Por Gilvan Marques e Bruno Lucca | Folhapress
Foto: Rovena Rosa/Agência Brasil
Mais da metade (56%) dos brasileiros acreditam que professores não devem falar sobre política em sala de aula, segundo pesquisa Datafolha. Apesar disso, mais de 90% dos entrevistados defendem que instituições e professores devem discutir com alunos sobre pobreza, desigualdade social e discriminação racial --temas relacionados à política.
Outros 54% dizem que pais têm o direito de proibir as escolas de ensinar temas que não achem adequados.
Encomendada pelo Cenpec (Centro de Estudos e Pesquisas em Educação, Cultura e Ação Comunitária) e pela Ação Educativa, a pesquisa foi realizada entre os dias 8 e 15 de março com 2.090 pessoas. A margem de erro é de dois pontos percentuais.
Maria Braga, doutora em ciência política e professora da UFSCar (Universidade Federal de São Carlos), diz que a aparente contradição ocorre porque grande parte da população relaciona política ao partidarismo e a pautas de costumes.
Para Braga, a maior aceitação a temas como pobreza e discriminação se dá por serem assuntos menos sensíveis para os conservadores.
A pesquisa mostra também que apenas 27% da população conhece o Escola Sem Partido. Criado em 2004, o movimento defende uma educação neutra. O veto à discussão político-partidária e sexual são bandeiras levantadas pelos apoiadores.
As pautas do movimento foram abraçadas por políticos conservadores e inspiraram alguns projetos de lei.
As propostas foram repudiadas pelo Conselho Nacional de Direitos Humanos, órgão vinculado ao Ministério da Justiça, e questionadas devido à inconstitucionalidade por MPF (Ministério Público Federal), AGU (Advocacia-Geral da União) e STF (Supremo Tribunal Federal).
Em 2020, o STF considerou inconstitucional uma lei estadual de Alagoas que dizia, entre outras coisas, ser direito dos pais que seus filhos tivessem uma "educação moral livre de doutrinação política, religiosa ou ideológica". Até aquele ano, 237 projetos motivados pelo Escola Sem Partido haviam sido apresentados, segundo a Frente Escola Sem Mordaça.

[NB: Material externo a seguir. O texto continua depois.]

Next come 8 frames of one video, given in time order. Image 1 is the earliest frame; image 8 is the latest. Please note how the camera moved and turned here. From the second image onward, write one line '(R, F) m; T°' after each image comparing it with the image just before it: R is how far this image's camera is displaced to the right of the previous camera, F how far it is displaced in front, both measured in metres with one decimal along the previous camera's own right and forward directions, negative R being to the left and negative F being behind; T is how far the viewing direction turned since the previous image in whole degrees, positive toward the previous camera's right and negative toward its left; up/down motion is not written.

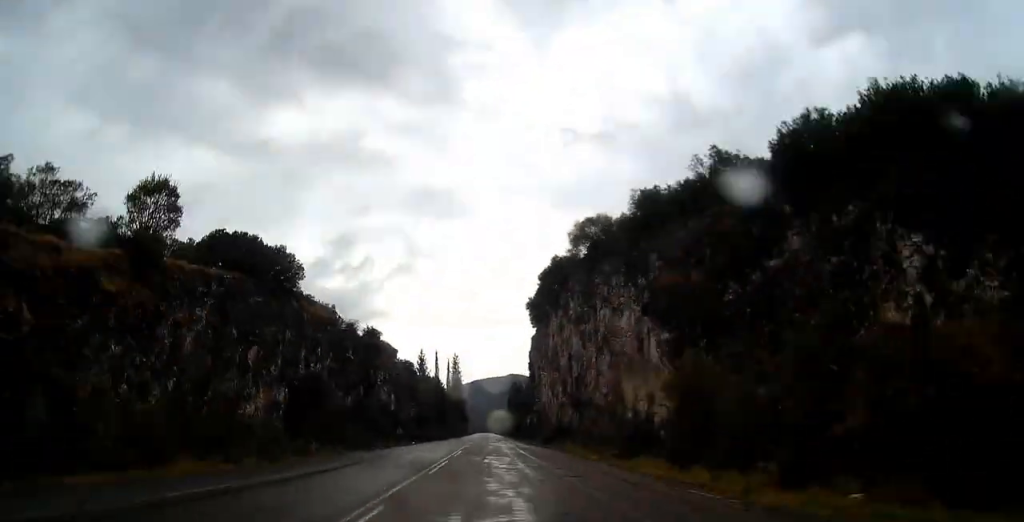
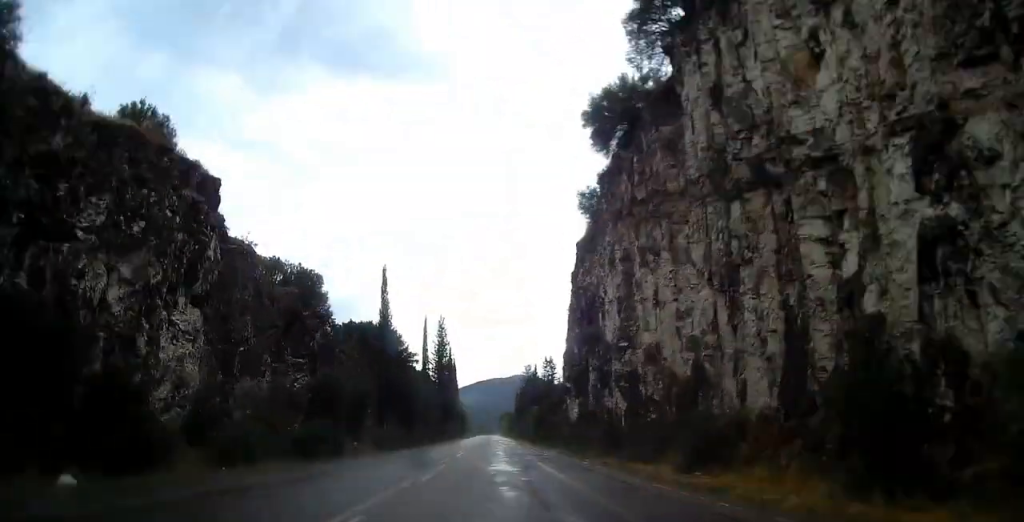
(-1.3, +61.1) m; -1°
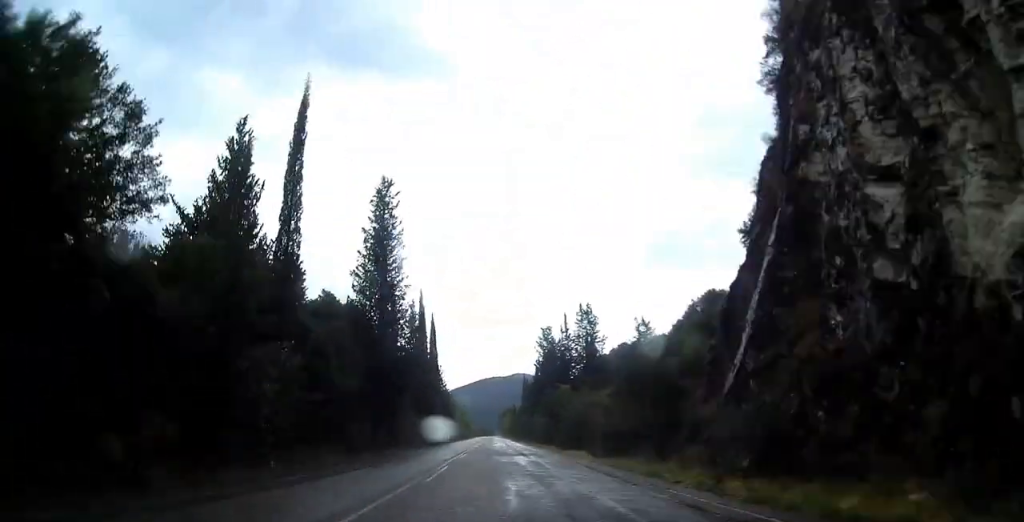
(+0.5, +60.6) m; 0°
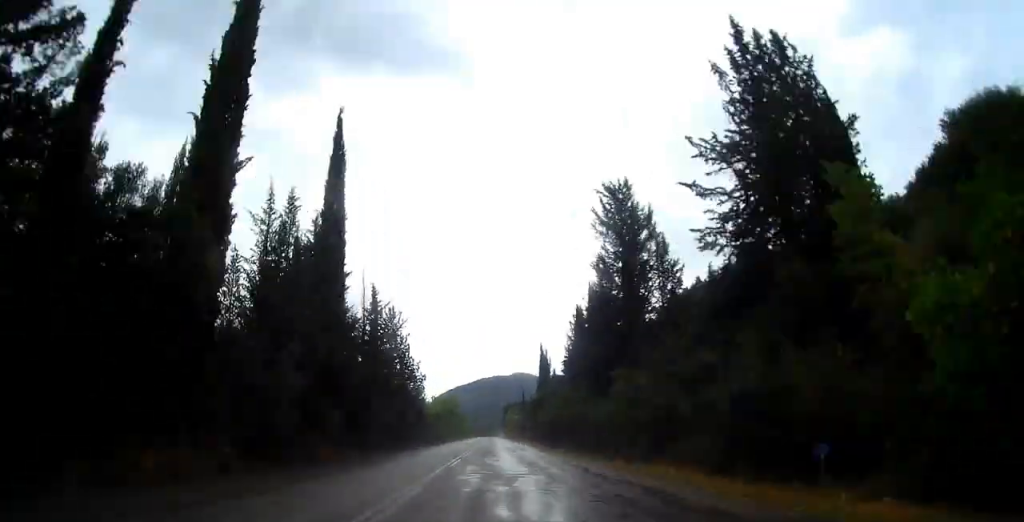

A derrota no STF foi um dos motivos que fizeram o fundador do Escola sem Partido, Miguel Nagib, abandonar o movimento
Para o vereador Fernando Holiday (Novo-SP), que até 2019 foi um dos porta-vozes do Escola Sem Partido, o movimento conscientizou famílias sobre o que ele chama de aparelhamento ideológico. "Mesmo que esses projetos não tenham virado lei, a discussão já teve efeito. Hoje, a autonomia de pensamento dos alunos é muito maior."
Renata Aquino, do grupo Professores Contra o Escola Sem Partido, criado por docentes da Universidade Federal Fluminense em 2004, diz que a pressão provocada por movimentos conservadores continua. "Hoje somos mais comedidos. Não éramos assim há quatro anos. A autocensura [dos professores] é a principal vitória deles", diz.
Segundo a Aspescs (Associação dos Profissionais da Educação de São Caetano do Sul), recentemente um professor de história do município foi repreendido por falar sobre o nazifascismo. Também no ABC Paulista, docentes afirmam ter recebido orientação de uma diretora vetando debates sobre a ditadura militar.
Em nota, a Secretaria da Educação do Estado de São Paulo disse que temas relacionados à política fazem parte do currículo, seguindo diretrizes da Base Nacional Comum Curricular. "O trabalho realizado em sala não tem foco político-partidário e os alunos são livres para dar opiniões."